● What is expected
Only the lines from the top of the data through the one with "[00:00:04.200]" are to be written out, each exactly as it stands.

Start of Input data

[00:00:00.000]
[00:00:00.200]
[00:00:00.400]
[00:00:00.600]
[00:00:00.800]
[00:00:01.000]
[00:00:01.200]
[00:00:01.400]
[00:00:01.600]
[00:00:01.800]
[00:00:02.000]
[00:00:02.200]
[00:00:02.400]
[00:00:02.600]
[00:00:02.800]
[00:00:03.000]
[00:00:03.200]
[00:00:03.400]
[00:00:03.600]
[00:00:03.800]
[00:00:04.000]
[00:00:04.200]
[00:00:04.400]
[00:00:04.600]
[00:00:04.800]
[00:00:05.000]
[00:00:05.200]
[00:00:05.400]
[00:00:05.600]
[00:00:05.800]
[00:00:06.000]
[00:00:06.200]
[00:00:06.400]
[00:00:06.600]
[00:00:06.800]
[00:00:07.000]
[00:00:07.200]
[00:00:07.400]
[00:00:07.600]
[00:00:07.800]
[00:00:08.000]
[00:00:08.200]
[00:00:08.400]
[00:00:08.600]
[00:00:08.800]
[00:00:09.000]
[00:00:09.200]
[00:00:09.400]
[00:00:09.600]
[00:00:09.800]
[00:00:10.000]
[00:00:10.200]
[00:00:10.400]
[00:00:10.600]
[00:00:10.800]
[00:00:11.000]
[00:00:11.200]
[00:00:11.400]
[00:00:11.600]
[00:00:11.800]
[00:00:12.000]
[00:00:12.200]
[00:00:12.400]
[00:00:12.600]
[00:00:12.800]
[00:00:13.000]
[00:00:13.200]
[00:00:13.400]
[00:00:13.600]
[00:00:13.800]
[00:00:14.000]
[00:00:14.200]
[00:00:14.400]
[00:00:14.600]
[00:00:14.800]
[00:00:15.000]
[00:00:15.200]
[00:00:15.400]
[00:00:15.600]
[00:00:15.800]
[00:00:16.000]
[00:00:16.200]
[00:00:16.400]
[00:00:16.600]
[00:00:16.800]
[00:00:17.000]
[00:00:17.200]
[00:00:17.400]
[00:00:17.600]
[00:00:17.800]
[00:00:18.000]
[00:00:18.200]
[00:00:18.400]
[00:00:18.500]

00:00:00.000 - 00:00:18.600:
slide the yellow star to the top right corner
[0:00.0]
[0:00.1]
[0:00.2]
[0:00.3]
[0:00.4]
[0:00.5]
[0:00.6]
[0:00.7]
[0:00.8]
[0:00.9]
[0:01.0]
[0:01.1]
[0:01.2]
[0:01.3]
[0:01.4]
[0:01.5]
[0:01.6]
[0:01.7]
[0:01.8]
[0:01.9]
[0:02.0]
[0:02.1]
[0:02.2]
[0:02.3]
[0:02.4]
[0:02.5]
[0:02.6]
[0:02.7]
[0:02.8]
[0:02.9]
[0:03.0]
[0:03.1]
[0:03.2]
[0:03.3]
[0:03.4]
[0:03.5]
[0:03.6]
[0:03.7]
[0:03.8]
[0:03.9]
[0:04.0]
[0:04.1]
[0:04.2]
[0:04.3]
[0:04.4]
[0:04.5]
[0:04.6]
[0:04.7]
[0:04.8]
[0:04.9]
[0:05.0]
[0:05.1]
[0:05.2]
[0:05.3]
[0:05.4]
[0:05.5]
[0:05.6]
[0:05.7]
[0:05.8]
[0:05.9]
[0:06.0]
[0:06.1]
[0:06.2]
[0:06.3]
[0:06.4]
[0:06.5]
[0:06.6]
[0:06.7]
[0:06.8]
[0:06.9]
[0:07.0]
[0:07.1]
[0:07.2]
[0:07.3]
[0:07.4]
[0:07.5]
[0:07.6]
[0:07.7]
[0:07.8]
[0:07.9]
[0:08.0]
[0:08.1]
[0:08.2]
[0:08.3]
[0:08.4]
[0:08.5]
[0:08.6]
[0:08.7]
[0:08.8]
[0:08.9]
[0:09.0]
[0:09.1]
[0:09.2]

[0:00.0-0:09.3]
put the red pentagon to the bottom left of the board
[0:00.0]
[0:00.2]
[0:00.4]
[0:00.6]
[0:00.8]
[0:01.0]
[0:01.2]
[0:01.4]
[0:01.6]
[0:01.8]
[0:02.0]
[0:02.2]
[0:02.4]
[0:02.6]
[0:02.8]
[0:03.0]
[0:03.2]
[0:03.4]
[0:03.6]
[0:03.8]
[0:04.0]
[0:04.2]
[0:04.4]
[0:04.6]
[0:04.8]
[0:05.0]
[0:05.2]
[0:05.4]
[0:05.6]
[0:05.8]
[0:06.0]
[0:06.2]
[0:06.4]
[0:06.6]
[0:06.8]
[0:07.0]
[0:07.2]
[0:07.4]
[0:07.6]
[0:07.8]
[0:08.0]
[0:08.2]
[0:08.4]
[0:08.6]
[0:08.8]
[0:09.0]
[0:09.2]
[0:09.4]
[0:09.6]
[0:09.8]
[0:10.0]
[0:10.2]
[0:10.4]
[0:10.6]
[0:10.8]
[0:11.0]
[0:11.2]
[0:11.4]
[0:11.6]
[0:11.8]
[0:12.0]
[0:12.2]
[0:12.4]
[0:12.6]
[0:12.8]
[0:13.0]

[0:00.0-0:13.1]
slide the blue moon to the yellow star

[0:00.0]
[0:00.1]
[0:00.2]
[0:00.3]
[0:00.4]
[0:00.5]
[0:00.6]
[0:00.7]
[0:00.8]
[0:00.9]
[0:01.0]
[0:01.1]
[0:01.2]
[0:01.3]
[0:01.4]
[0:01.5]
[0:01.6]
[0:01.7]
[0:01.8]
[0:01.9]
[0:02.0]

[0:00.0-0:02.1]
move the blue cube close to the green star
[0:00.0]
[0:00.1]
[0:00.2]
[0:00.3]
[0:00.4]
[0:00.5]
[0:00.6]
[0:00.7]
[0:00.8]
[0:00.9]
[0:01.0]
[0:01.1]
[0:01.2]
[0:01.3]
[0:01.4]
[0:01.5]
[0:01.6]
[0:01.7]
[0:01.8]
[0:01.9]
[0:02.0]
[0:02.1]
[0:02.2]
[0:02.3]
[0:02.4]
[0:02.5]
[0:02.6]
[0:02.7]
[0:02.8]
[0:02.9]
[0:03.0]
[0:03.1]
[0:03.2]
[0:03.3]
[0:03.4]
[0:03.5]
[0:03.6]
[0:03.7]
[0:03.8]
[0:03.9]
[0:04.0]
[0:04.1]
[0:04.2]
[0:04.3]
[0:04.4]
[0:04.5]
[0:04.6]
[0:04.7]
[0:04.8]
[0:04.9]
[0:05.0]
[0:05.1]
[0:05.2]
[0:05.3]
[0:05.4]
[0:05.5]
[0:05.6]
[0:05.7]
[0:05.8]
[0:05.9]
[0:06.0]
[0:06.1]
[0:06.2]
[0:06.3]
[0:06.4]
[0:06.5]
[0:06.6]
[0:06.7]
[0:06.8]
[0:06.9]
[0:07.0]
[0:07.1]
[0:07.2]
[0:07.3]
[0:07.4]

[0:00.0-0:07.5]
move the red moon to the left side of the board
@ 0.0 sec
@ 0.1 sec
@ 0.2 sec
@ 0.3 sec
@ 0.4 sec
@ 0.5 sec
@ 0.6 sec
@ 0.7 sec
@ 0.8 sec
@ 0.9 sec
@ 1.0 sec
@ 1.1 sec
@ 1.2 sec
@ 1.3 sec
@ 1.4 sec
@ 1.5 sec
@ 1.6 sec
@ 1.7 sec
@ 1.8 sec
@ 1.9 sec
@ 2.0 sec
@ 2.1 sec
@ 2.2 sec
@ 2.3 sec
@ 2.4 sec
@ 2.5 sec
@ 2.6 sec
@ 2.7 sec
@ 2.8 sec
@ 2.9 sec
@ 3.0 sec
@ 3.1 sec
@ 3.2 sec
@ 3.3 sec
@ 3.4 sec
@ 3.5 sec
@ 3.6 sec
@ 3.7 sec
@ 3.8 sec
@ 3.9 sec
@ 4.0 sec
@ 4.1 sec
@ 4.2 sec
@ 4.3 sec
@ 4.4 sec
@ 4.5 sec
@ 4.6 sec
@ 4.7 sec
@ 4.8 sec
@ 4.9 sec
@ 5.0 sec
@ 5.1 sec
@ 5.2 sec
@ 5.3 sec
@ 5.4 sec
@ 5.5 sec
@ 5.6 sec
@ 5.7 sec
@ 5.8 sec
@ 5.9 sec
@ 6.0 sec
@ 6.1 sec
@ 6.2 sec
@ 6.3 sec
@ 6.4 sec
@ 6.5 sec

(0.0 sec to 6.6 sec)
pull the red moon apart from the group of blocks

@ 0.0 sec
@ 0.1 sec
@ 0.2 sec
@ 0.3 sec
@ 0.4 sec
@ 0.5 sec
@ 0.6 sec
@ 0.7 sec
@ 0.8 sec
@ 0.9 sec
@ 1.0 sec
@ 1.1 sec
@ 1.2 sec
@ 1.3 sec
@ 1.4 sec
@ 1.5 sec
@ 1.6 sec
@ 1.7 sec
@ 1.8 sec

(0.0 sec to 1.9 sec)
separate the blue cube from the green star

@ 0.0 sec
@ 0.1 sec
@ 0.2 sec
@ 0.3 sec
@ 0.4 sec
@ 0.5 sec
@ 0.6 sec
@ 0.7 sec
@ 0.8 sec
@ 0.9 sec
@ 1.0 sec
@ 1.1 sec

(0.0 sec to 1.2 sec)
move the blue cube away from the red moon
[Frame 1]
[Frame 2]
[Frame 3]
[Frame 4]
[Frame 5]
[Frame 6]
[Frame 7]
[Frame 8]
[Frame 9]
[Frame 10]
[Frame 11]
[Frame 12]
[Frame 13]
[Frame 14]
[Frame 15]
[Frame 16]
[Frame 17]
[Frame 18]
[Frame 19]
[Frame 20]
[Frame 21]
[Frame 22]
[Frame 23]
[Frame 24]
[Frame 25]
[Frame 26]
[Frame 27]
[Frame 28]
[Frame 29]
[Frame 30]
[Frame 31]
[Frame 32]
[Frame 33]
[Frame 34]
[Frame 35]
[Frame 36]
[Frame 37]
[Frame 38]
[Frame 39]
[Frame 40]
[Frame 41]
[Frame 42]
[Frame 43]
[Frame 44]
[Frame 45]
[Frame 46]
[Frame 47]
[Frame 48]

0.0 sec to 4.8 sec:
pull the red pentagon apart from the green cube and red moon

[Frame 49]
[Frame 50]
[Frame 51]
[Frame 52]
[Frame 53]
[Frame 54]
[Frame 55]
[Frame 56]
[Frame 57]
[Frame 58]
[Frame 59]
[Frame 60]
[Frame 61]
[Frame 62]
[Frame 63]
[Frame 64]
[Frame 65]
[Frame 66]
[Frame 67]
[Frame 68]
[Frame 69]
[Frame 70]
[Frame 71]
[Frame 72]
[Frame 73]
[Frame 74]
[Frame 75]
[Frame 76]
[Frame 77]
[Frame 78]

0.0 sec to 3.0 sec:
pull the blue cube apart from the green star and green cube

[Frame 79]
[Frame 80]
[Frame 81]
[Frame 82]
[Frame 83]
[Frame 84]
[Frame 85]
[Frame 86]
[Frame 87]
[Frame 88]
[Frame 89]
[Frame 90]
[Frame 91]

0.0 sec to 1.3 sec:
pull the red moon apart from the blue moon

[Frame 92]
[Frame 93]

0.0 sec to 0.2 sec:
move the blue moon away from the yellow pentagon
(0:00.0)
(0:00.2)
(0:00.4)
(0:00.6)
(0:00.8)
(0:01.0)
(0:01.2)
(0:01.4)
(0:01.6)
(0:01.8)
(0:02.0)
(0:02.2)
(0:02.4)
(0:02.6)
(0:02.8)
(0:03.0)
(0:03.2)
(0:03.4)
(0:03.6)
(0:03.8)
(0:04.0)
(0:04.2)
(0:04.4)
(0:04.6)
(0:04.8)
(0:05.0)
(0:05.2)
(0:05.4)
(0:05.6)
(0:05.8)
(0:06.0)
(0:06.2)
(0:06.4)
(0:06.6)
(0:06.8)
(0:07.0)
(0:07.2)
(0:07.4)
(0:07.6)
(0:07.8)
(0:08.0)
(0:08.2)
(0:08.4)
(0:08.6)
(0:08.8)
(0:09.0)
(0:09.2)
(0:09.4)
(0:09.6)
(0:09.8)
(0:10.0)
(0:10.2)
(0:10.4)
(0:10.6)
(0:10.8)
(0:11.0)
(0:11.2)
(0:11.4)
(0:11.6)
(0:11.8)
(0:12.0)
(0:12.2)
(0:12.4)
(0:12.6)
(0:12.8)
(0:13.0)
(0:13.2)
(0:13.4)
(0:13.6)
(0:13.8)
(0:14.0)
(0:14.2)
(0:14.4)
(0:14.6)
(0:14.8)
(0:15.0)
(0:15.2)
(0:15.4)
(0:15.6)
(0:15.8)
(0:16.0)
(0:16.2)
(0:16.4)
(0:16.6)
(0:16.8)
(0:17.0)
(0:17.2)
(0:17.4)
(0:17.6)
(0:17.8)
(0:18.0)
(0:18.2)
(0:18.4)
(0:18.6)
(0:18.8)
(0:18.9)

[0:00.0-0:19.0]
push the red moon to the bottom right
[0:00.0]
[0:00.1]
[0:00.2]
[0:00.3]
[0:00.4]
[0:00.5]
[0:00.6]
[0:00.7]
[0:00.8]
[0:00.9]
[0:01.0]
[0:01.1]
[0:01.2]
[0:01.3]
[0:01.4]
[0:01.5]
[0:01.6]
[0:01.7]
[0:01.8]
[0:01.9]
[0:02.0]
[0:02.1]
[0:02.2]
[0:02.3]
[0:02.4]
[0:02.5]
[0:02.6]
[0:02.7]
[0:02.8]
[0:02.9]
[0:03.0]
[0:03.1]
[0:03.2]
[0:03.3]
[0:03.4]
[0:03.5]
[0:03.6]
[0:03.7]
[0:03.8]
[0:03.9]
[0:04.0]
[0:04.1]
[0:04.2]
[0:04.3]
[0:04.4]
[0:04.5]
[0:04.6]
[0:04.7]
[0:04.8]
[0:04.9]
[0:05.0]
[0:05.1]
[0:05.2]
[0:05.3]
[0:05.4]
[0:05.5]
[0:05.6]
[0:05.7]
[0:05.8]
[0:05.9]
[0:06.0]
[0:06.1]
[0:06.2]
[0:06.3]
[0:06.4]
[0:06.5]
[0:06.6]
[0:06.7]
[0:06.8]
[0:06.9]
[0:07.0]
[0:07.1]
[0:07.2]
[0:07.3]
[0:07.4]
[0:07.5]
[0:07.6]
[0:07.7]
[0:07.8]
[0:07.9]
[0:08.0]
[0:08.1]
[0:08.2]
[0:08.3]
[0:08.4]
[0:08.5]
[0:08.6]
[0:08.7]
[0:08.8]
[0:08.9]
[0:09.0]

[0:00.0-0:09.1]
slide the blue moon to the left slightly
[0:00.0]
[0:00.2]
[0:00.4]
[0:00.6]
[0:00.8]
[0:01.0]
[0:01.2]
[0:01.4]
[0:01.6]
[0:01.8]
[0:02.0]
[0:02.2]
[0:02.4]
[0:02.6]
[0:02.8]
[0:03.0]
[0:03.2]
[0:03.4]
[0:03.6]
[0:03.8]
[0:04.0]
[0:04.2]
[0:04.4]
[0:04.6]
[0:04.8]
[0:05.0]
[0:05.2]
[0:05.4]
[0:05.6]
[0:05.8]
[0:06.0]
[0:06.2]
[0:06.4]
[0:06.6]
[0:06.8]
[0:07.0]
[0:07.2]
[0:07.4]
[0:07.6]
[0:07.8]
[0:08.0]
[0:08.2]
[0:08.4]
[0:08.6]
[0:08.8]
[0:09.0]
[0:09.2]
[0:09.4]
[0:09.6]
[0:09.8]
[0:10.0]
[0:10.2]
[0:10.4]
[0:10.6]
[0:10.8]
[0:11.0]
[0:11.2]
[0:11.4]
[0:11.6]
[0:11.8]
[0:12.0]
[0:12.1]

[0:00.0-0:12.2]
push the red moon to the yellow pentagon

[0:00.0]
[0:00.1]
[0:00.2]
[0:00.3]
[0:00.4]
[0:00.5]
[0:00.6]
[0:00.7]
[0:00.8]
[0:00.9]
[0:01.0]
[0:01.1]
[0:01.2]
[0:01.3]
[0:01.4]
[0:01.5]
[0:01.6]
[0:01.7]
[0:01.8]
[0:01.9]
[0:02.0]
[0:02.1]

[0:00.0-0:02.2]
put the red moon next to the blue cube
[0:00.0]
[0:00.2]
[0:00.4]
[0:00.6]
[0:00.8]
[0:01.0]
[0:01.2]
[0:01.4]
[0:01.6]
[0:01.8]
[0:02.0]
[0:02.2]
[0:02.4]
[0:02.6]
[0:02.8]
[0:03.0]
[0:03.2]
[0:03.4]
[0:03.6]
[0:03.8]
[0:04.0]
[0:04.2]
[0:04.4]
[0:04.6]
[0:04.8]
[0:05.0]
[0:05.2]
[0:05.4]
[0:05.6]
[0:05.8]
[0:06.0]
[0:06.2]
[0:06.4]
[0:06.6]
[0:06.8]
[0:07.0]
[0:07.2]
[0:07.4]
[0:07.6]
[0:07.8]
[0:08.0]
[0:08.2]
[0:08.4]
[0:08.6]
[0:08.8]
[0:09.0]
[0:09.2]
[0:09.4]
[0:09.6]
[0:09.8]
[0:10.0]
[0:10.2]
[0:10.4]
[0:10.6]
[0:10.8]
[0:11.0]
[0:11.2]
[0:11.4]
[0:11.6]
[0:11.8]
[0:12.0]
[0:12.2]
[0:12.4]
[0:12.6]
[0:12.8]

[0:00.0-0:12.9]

End of Input data

● Task answer
[00:00:00.000]
[00:00:00.200]
[00:00:00.400]
[00:00:00.600]
[00:00:00.800]
[00:00:01.000]
[00:00:01.200]
[00:00:01.400]
[00:00:01.600]
[00:00:01.800]
[00:00:02.000]
[00:00:02.200]
[00:00:02.400]
[00:00:02.600]
[00:00:02.800]
[00:00:03.000]
[00:00:03.200]
[00:00:03.400]
[00:00:03.600]
[00:00:03.800]
[00:00:04.000]
[00:00:04.200]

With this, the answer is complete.